As the FT notes, the IMF’s forecasts are slightly more optimistic than the current consensus, but are unlikely to offer cheer to Philip Hammond, the chancellor, as he travels to Washington for the annual IMF meetings this week. Eurosceptics have called for Mr Hammond to be sacked, believing that his pressing for a long post-Brexit transition period from EU membership amounts to effective resistance to leaving the bloc.

The IMF said the squeeze on household finances in the UK had hit growth in the first two quarters of this year, and “the medium-term growth outlook is highly uncertain and will depend in part on the new economic relationship with the EU and the extent of the increase in barriers to trade, migration and cross-border financial activity”.


Mr Obstfeld said he sympathised with the “harsh trade off” facing the Bank of England as it ponders whether to raise interest rates at its November meeting.


“It’s hard to judge to what extent above target inflation could feed through into nominal wages and complicate things,” he said. “At some level the BoE is in the position you don’t want to be in as a central banker where you’re facing a negative supply shock which directly brings your inflation mandate into conflict with what is possibly better in terms of economic growth.”

Maurice Obstfeld, chief economist at the IMF, said the reduction in the fund’s long-term outlook for the UK from an annual growth rate of 1.9 per cent to 1.7 per cent was a direct consequence of leaving the EU. “We forecast in the pre-referendum period, as did others, there would be long run negative effects on the British economy,” he said. “I think we’re starting to see those."

And let this be a warning, the IMF felt like adding but did not, to all those other countries who dare to think that their lives will be better outside the Eurozone or EU rather than in it...


GodHelpAmerica Tue, 10/10/2017 - 09:41 Permalink

The globe is growing at an exceptional rate if we continue to grossly underreport inflation.

Financial repression until the western middle class is completely destroyed.

GreatUncle Tue, 10/10/2017 - 10:06 Permalink

This is all a play ... the IMF in cahoots with the UK goverment manipulating the position to keep the UK in the EU.HARD BREXIT and pull the plug then lets see who is smiling.As for the IMF the globalist controlled institution that predicted in 2020 the Greek debt / GDP ratio would be 120% ... you have 2 years to achieve that.Not a chance in or out of the EU the whole global economy is a fraud of money printing to keep those globalists in the position they are accustomed to and the only way to shake them off is to flip the whole world into a new dark age. You will wish it in the end ... but take your time the globalists are going nowhere.

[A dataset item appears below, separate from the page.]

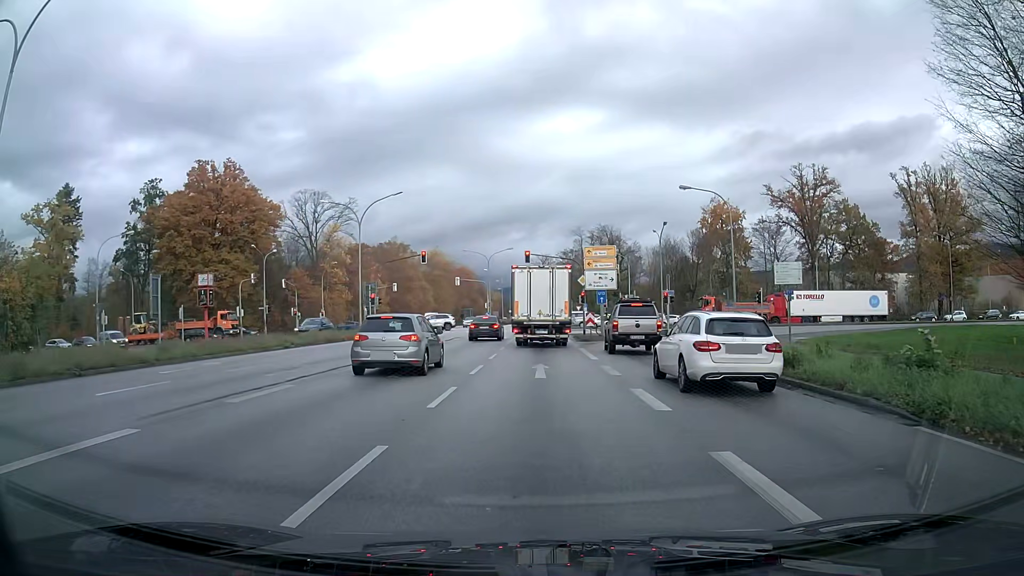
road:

adonisdemilo Tue, 10/10/2017 - 10:08 Permalink

We can live with that, the IMF are a bunch of "know all, fuck all" academics.They said, numerous times, that we were destined to join the third world if we voted FOR Brexit.WANKERS. 

Silver Savior Tue, 10/10/2017 - 10:34 Permalink

Could someone please tell me how further growth is possible with a mess of a financial system and finite resources? ................ Someone is telling some mighty tall tales.

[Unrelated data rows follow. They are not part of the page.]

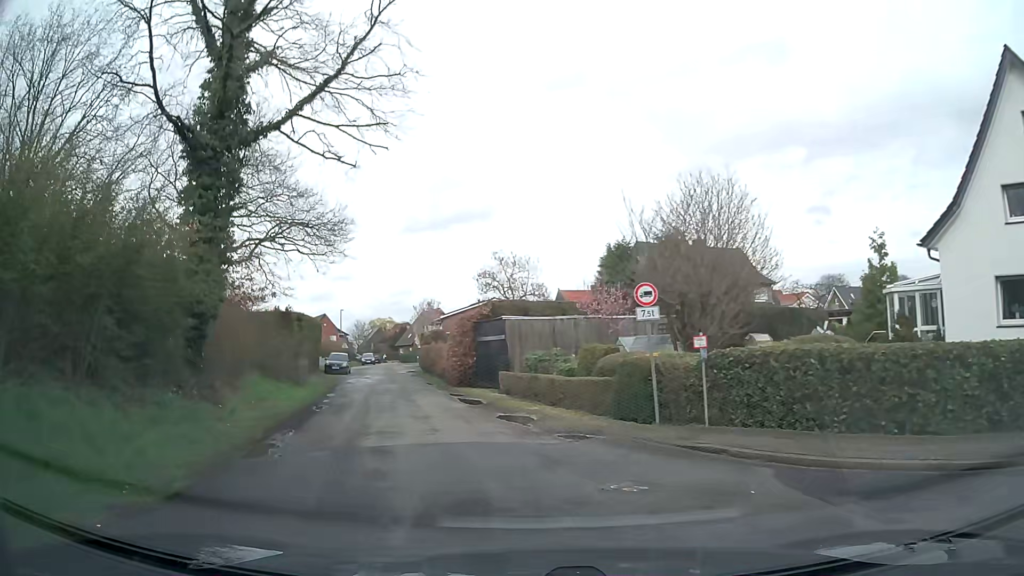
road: residential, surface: asphalt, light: Day
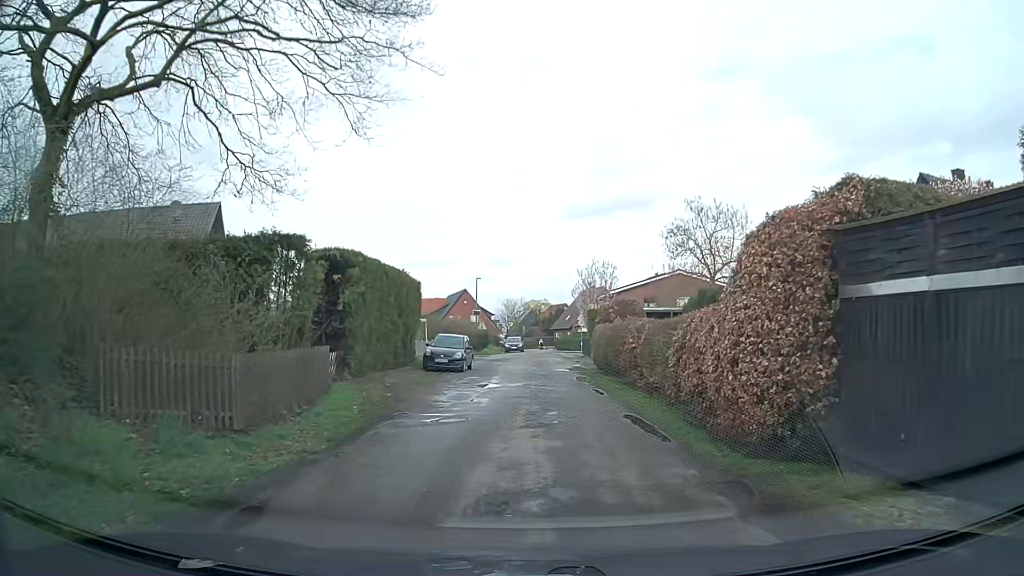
(-3.7, +20.2) m; -15°
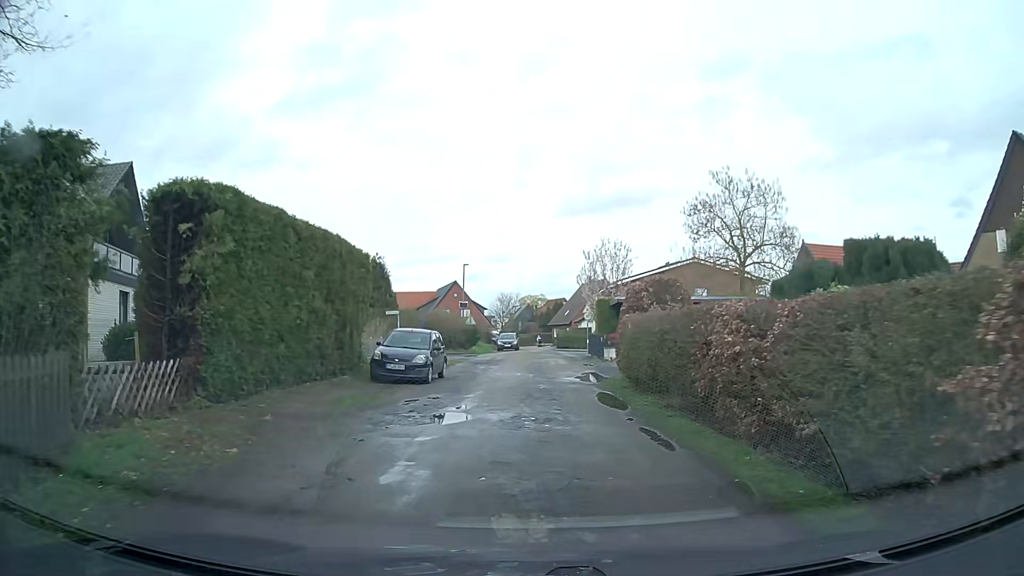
(+0.1, +8.5) m; +1°
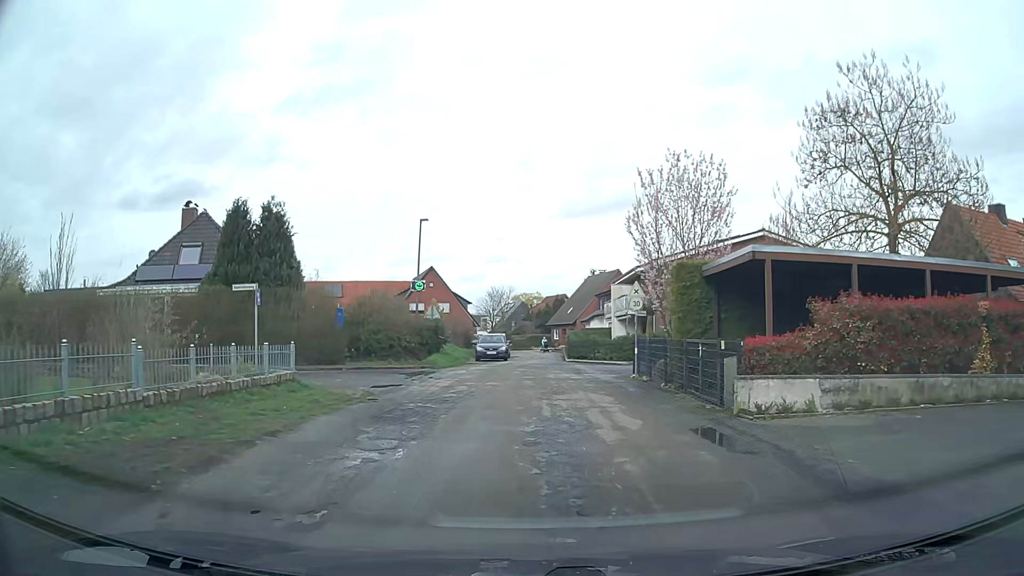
(-0.2, +19.9) m; 0°
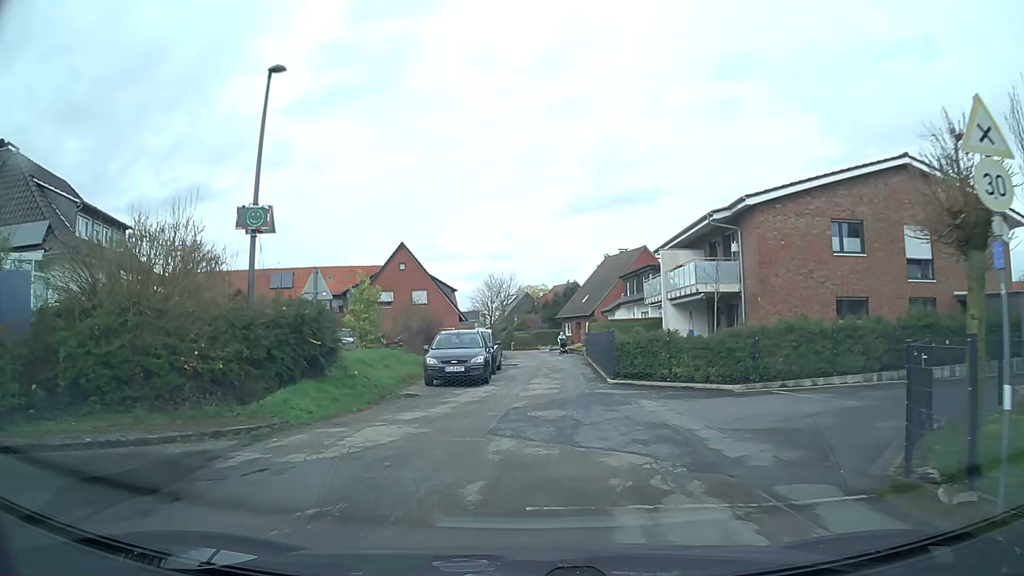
(+0.3, +18.6) m; 0°
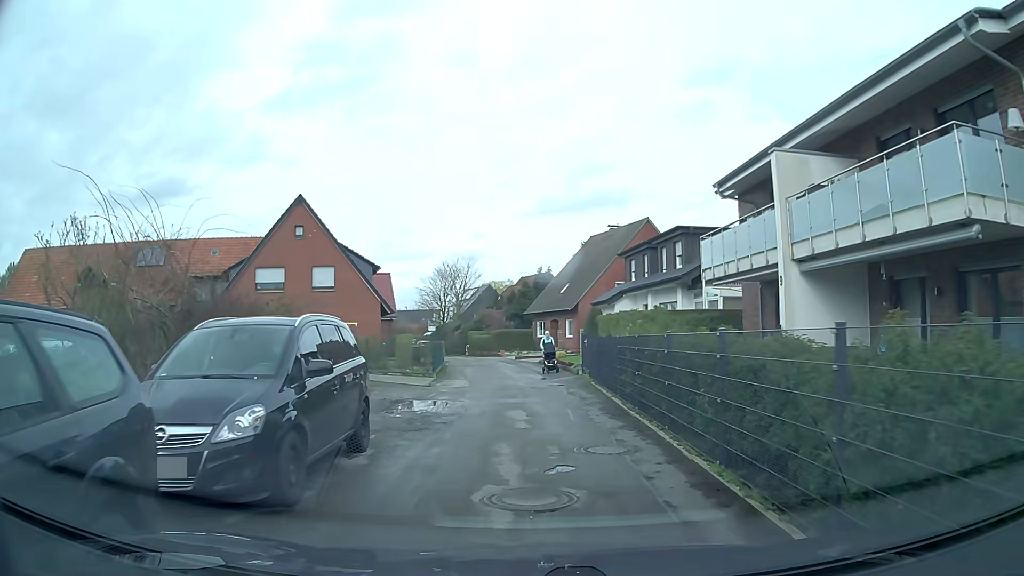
(+0.4, +18.7) m; +3°
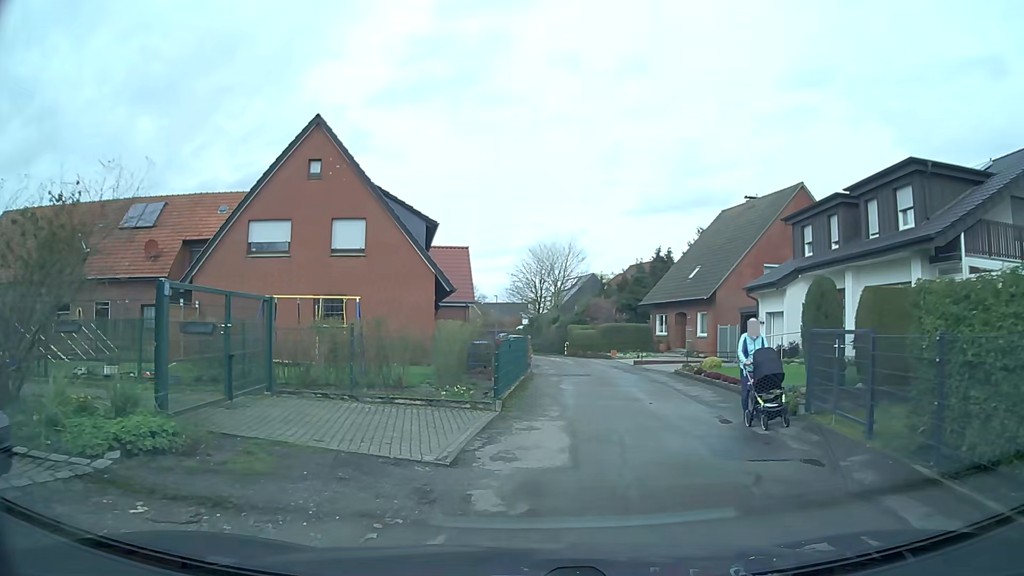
(-0.8, +12.8) m; -8°
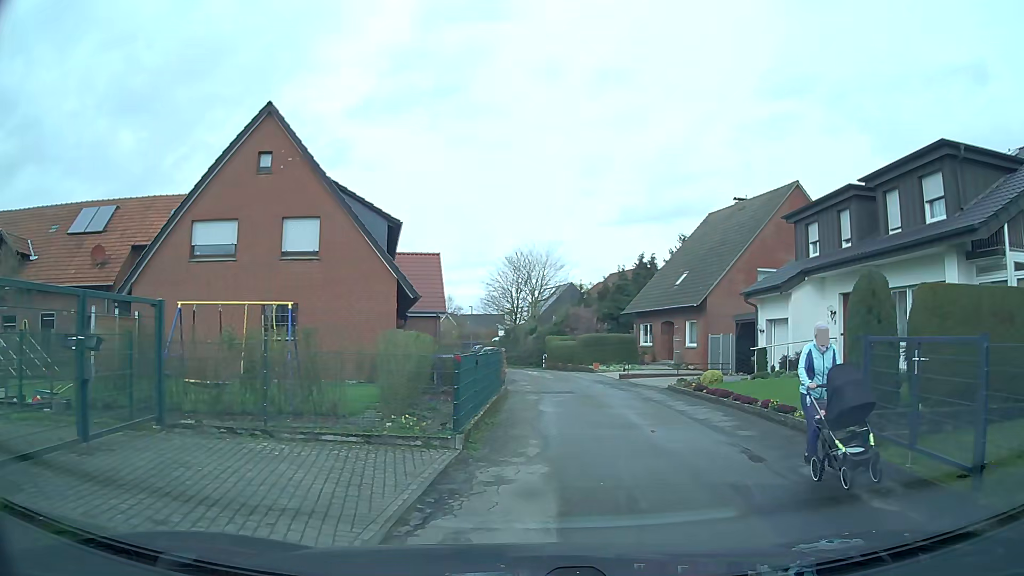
(0.0, +2.8) m; +2°
(+1, +10) (+2, +20) (+2, +30) (0, +40) (-2, +50) (-4, +59) (-7, +69) (-10, +78) (-13, +88) (-15, +98) m

RedDwarf Tue, 10/10/2017 - 11:59 Permalink

The IMF has no idea what the long term effects of Brexit will be economically.  Sure there are short and even medium term downsides.  There is uncertainty and the breaking apart of current agreements.  That will always cause a hit.To say from that what the long term effects will be however is at best grossly stupid, and at worst intentional lying.  My money is on the latter of course.  The IMF, like the EU, is a front for globalists.  It serves the IMF's goals to have the world centralized under the same currencies and banking system.  They are NOT a neutral third party here.Brexit puts the power back into the UK's hands.  What the citizens and elites do with that power is what will determine the long term economic, cultural, and social health of the UK.

DaNuts Tue, 10/10/2017 - 13:47 Permalink

Europe is finished, it will colapse without UK aid.The UK has been trading with the rest of the world for centuries, it is not going to just stop.